═════ Data listing ═════

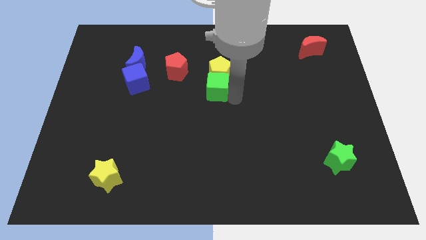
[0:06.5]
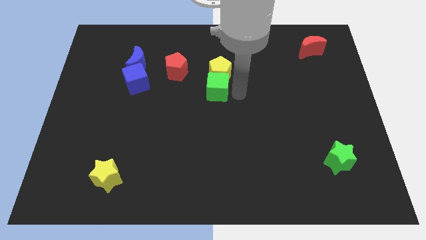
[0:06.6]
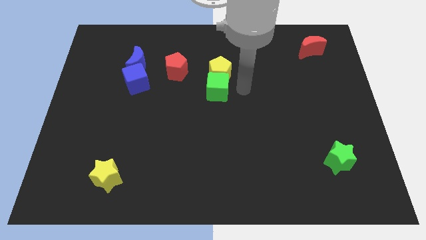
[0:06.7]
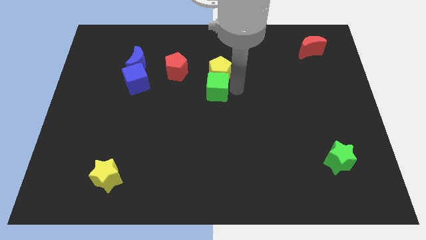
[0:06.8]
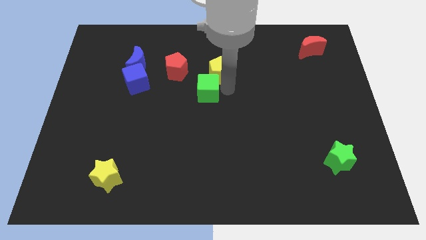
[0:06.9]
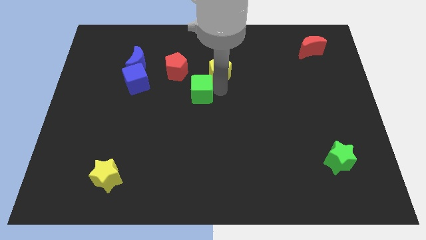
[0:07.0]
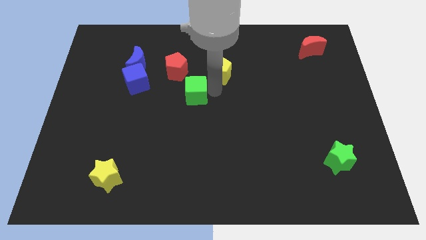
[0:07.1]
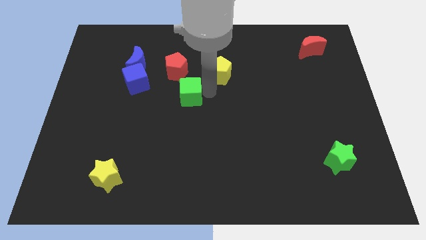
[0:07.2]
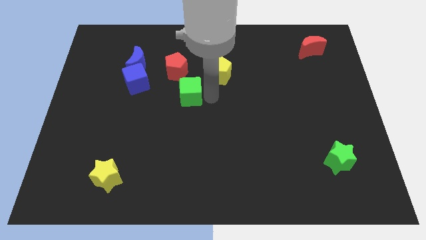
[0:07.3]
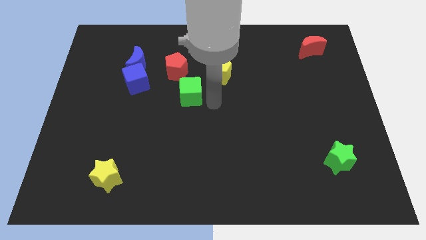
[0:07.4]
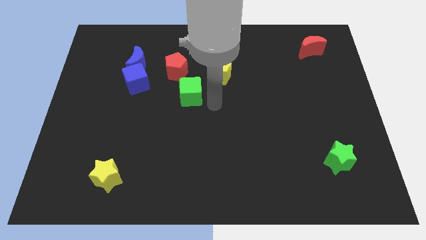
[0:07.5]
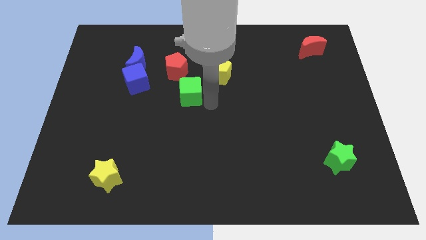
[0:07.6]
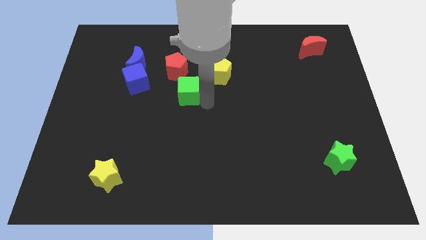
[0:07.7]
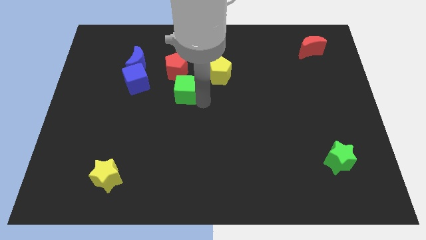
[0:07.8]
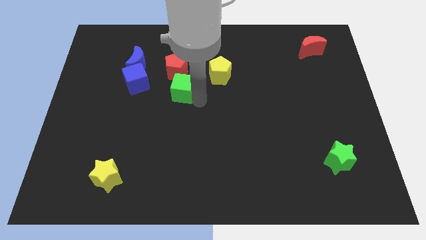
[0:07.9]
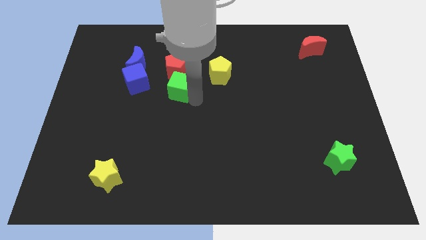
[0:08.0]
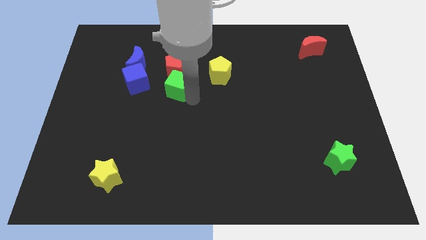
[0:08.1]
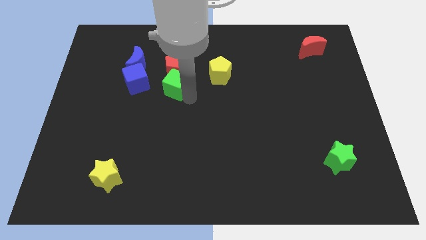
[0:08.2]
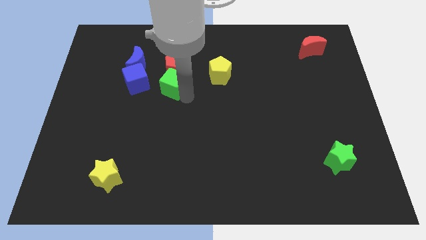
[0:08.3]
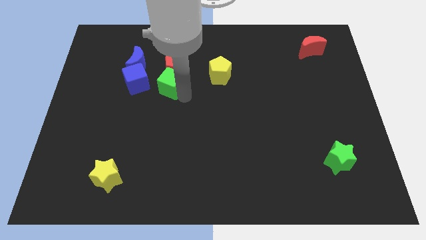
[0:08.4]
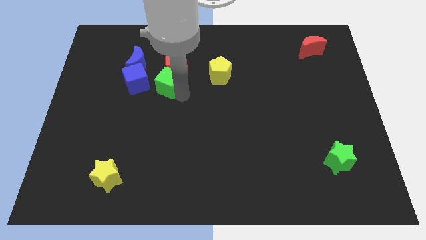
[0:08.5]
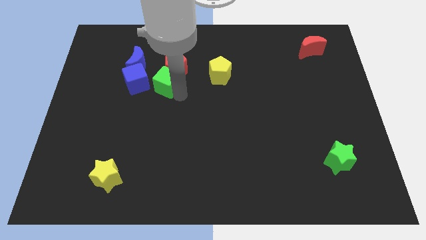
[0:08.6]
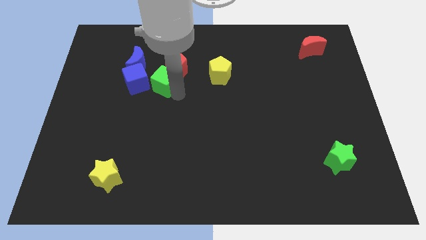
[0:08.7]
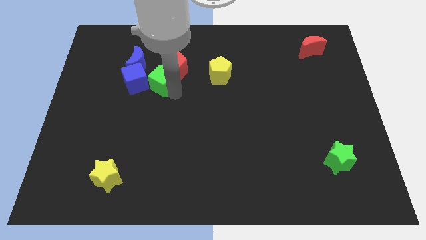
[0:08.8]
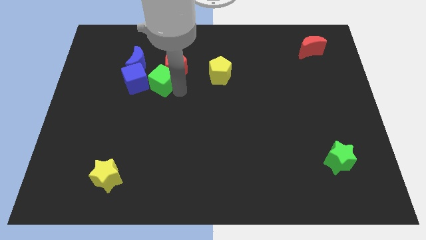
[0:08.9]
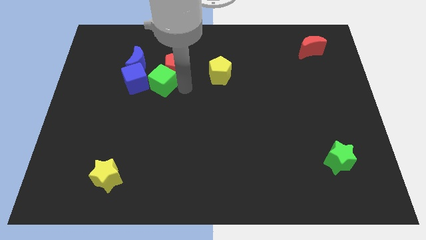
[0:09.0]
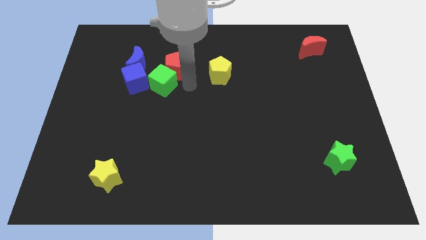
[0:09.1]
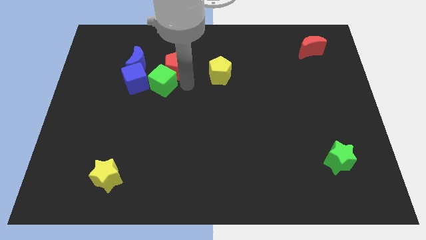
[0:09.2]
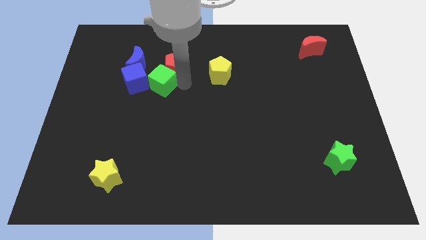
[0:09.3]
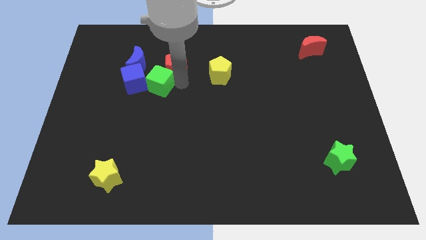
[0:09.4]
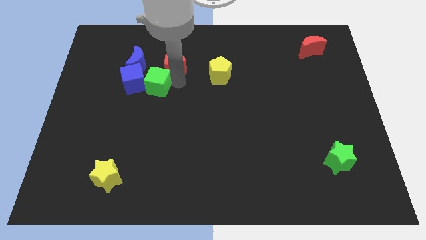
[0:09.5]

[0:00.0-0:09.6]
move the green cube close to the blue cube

═════

#### Exercise aim
Each entry is to be given again exactly as it stands, with its pictures removed.

#### Output of the exercise
[0:06.5]
[0:06.6]
[0:06.7]
[0:06.8]
[0:06.9]
[0:07.0]
[0:07.1]
[0:07.2]
[0:07.3]
[0:07.4]
[0:07.5]
[0:07.6]
[0:07.7]
[0:07.8]
[0:07.9]
[0:08.0]
[0:08.1]
[0:08.2]
[0:08.3]
[0:08.4]
[0:08.5]
[0:08.6]
[0:08.7]
[0:08.8]
[0:08.9]
[0:09.0]
[0:09.1]
[0:09.2]
[0:09.3]
[0:09.4]
[0:09.5]

[0:00.0-0:09.6]
move the green cube close to the blue cube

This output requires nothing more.